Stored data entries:
((

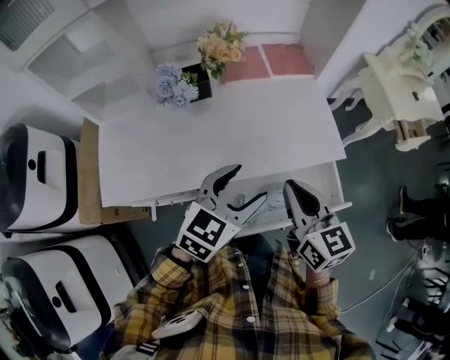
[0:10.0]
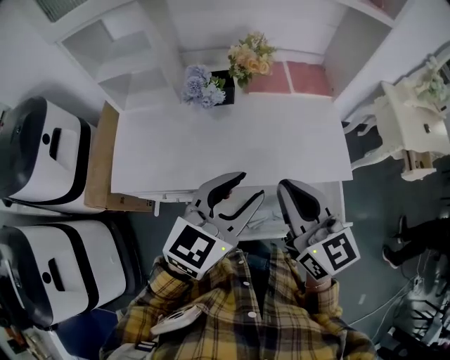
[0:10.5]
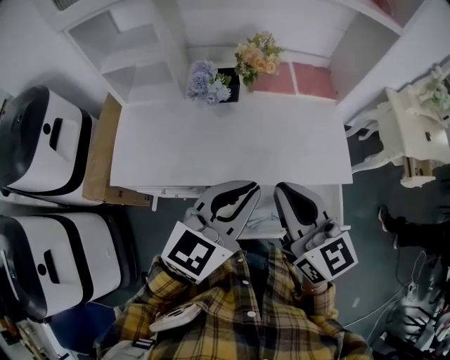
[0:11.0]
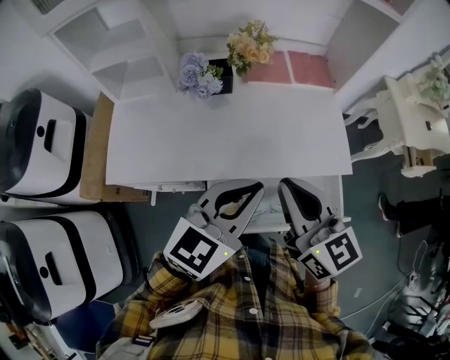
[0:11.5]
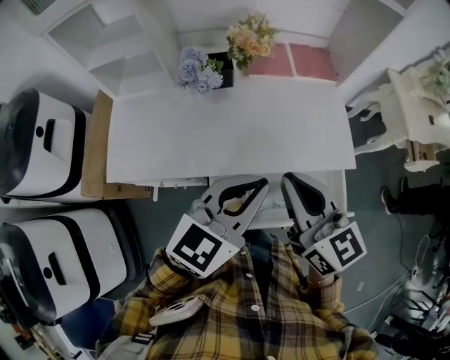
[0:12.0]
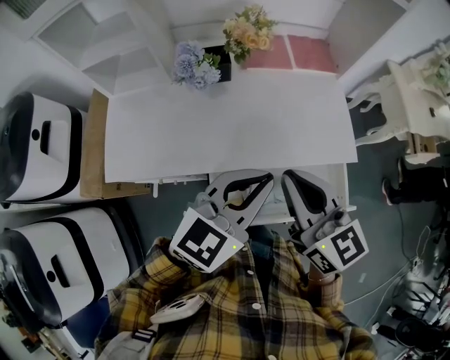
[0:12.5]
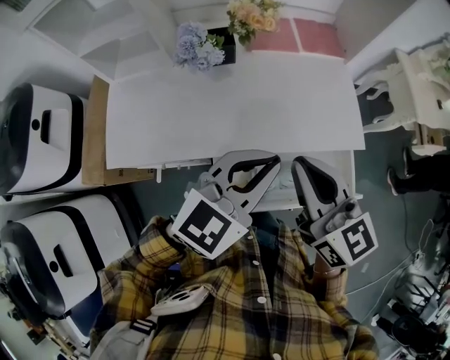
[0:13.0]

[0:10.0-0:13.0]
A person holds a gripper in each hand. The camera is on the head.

))

Exercise prompt: For each entry above, write it out again exactly but leave out any picture.

Task solution:
[0:10.0]
[0:10.5]
[0:11.0]
[0:11.5]
[0:12.0]
[0:12.5]
[0:13.0]

[0:10.0-0:13.0]
A person holds a gripper in each hand. The camera is on the head.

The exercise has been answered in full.